Become a modern day coach - adapt

The heading ban in the USA has become a huge talking point. The changes came after a class-action lawsuit brought by a group of parents and players in a U.S. District Court in California that sought rule changes preventing head injuries. The lawsuit charged FIFA, U.S. Soccer and the American Youth Soccer Organization with negligence for not addressing the issue. In 2010, more high school soccer players suffered concussions (50,000) than athletes in wrestling, baseball, basketball and softball combined. But how many of these head injuries came from heading a soccer ball?

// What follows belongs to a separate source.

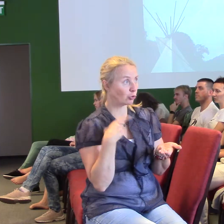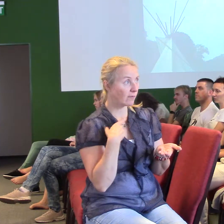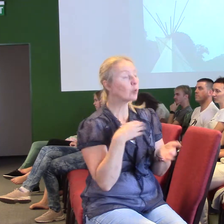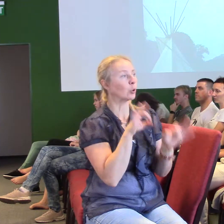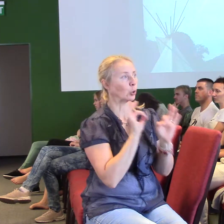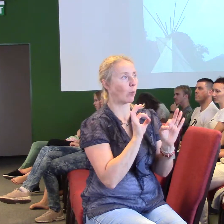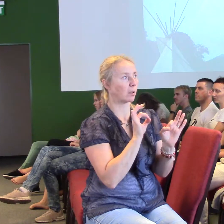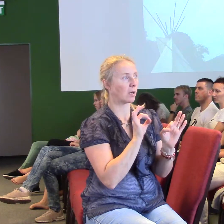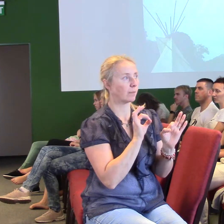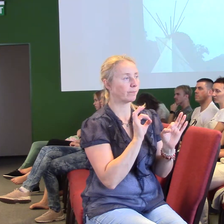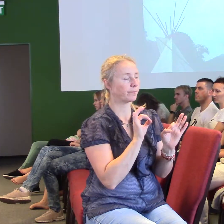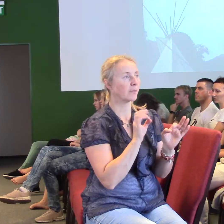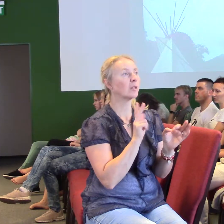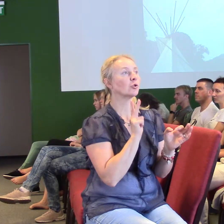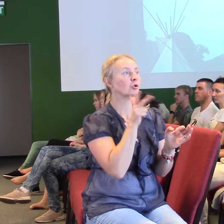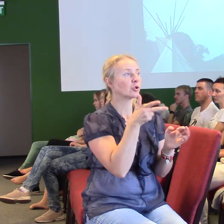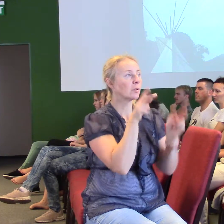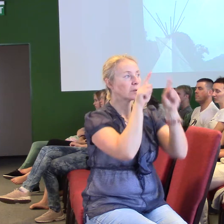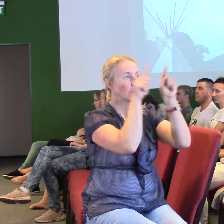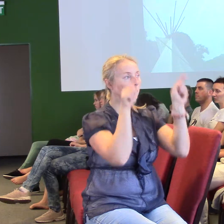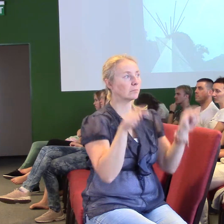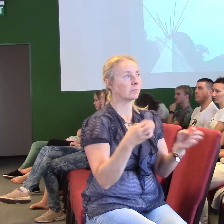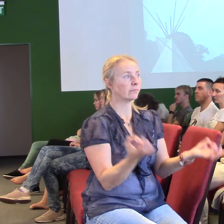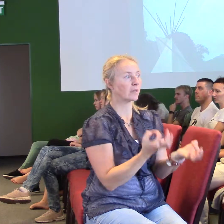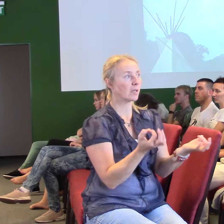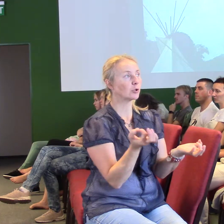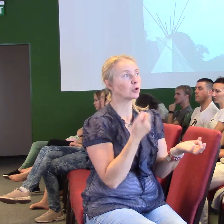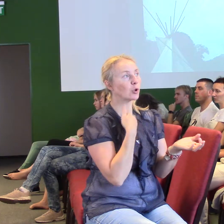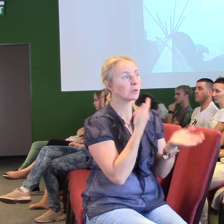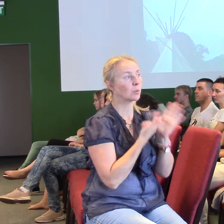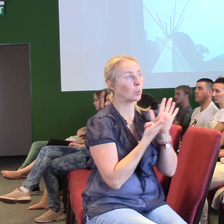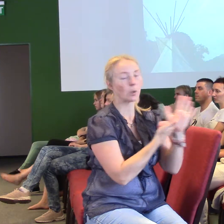Třetí věc, třetí obraz, který chci ukázat,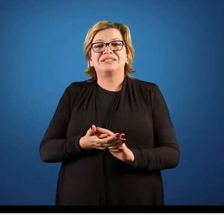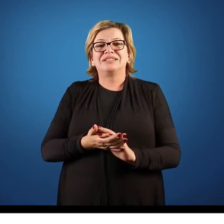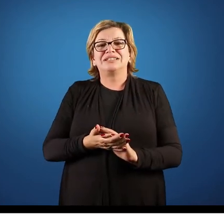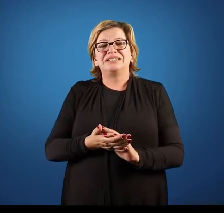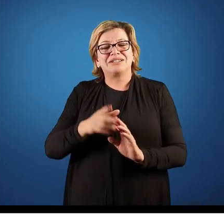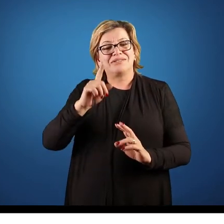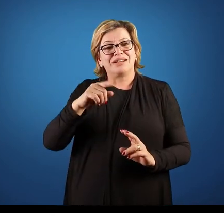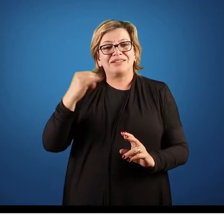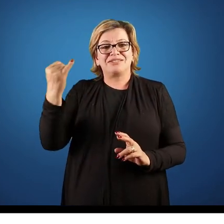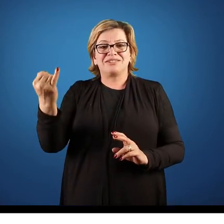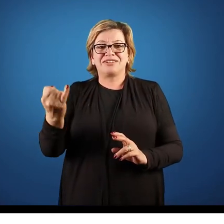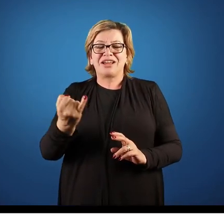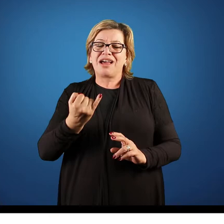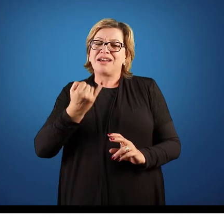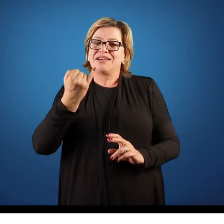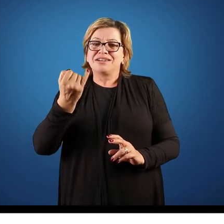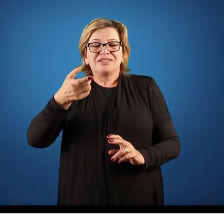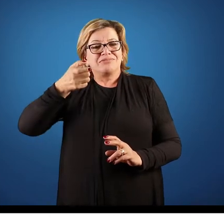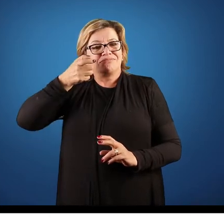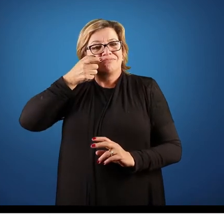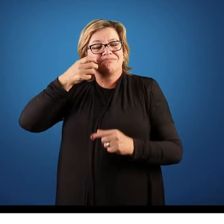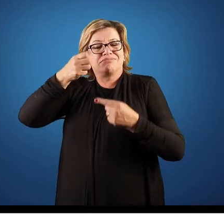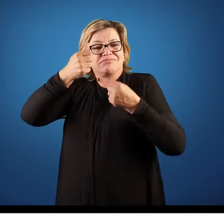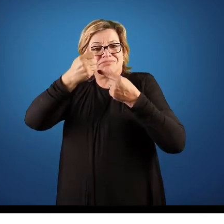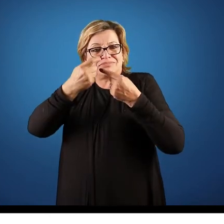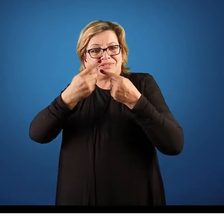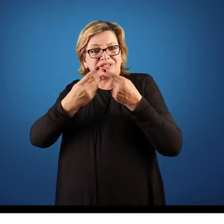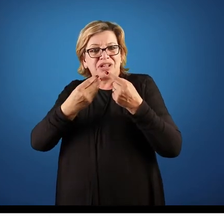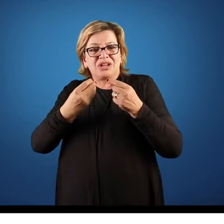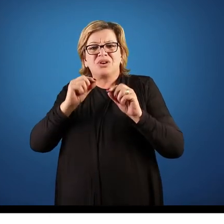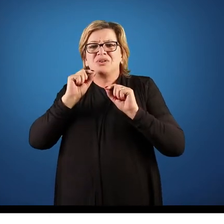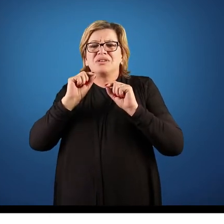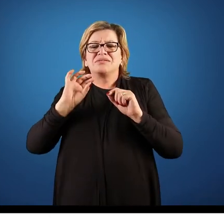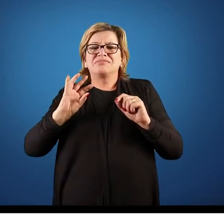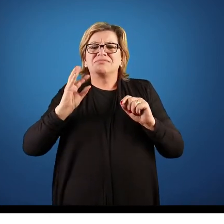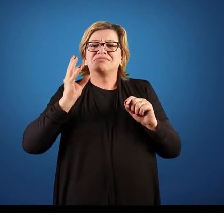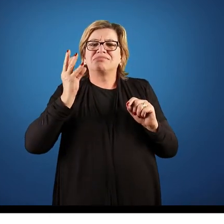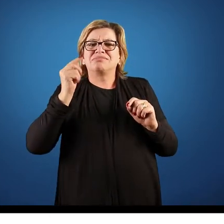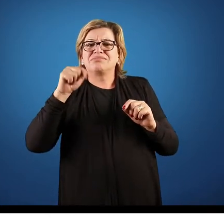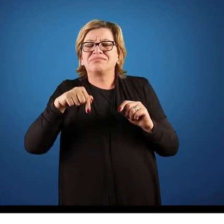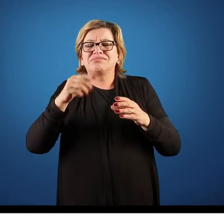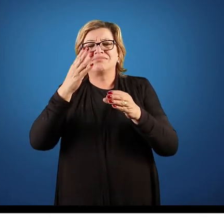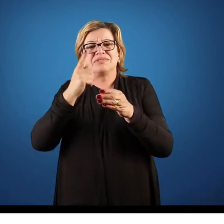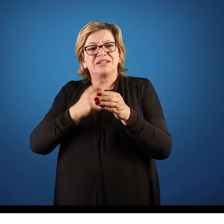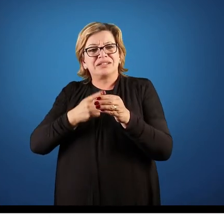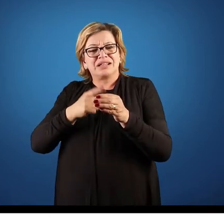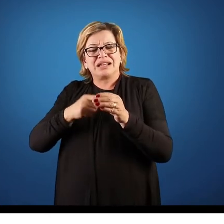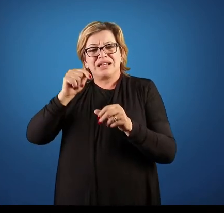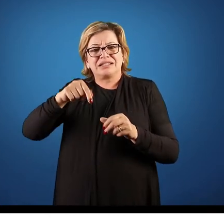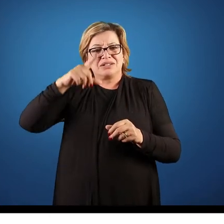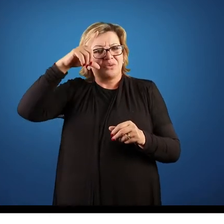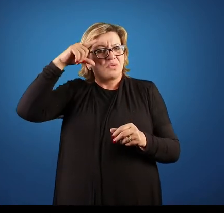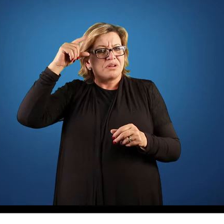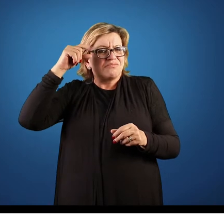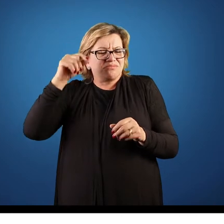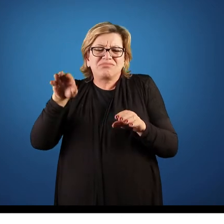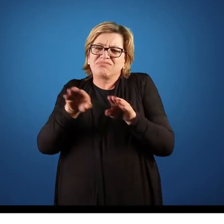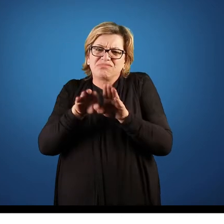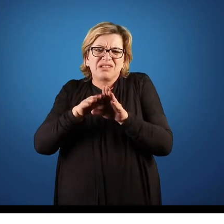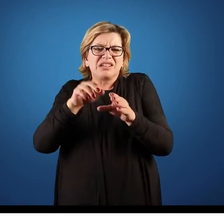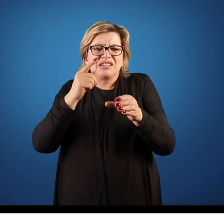isso é muito importante, essa característica. O que está acontecendo? São as tendências que estão ocorrendo aqui no nosso município, né, Guarapuava, aqui na região

From my experience at U11 and below, if a ball is high in the air or kicked at pace, then a young soccer player will more often than not get out of the way. I have lost count of the amount of corner kicks I have seen go out for a throw-in on the opposite side because no player will head the ball. The few head injuries I have seen have come from a clash of heads, a hard shot where a player got in the way or a head hitting the ground. I am a huge follower of rules. I personally believe US Soccer has bigger problems than changing heading laws but that's a different topic. If a governing body changes any rule you have to adapt. There is no point complaining. As a modern day coach, changes in how you do things should be embraced. This is how we learn and improve. Here is how you can adapt:

Purchase softer soccer balls (Nerf). If your coaching staff are doing any heading sessions they can use the softer balls. Even though heading has been banned at U11, we still need to teach the technique. I believe not teaching heading can be dangerous for the future. It also gives the players confidence for when the rule change allows them to head the ball. Telling young players not to head the ball and being negative towards heading will have damaging effects for the future. I had a player who was told by his parents he must never head the ball. The boy is now U14 and he will not even attempt to head the ball, even if it means getting a goal or using it for defending.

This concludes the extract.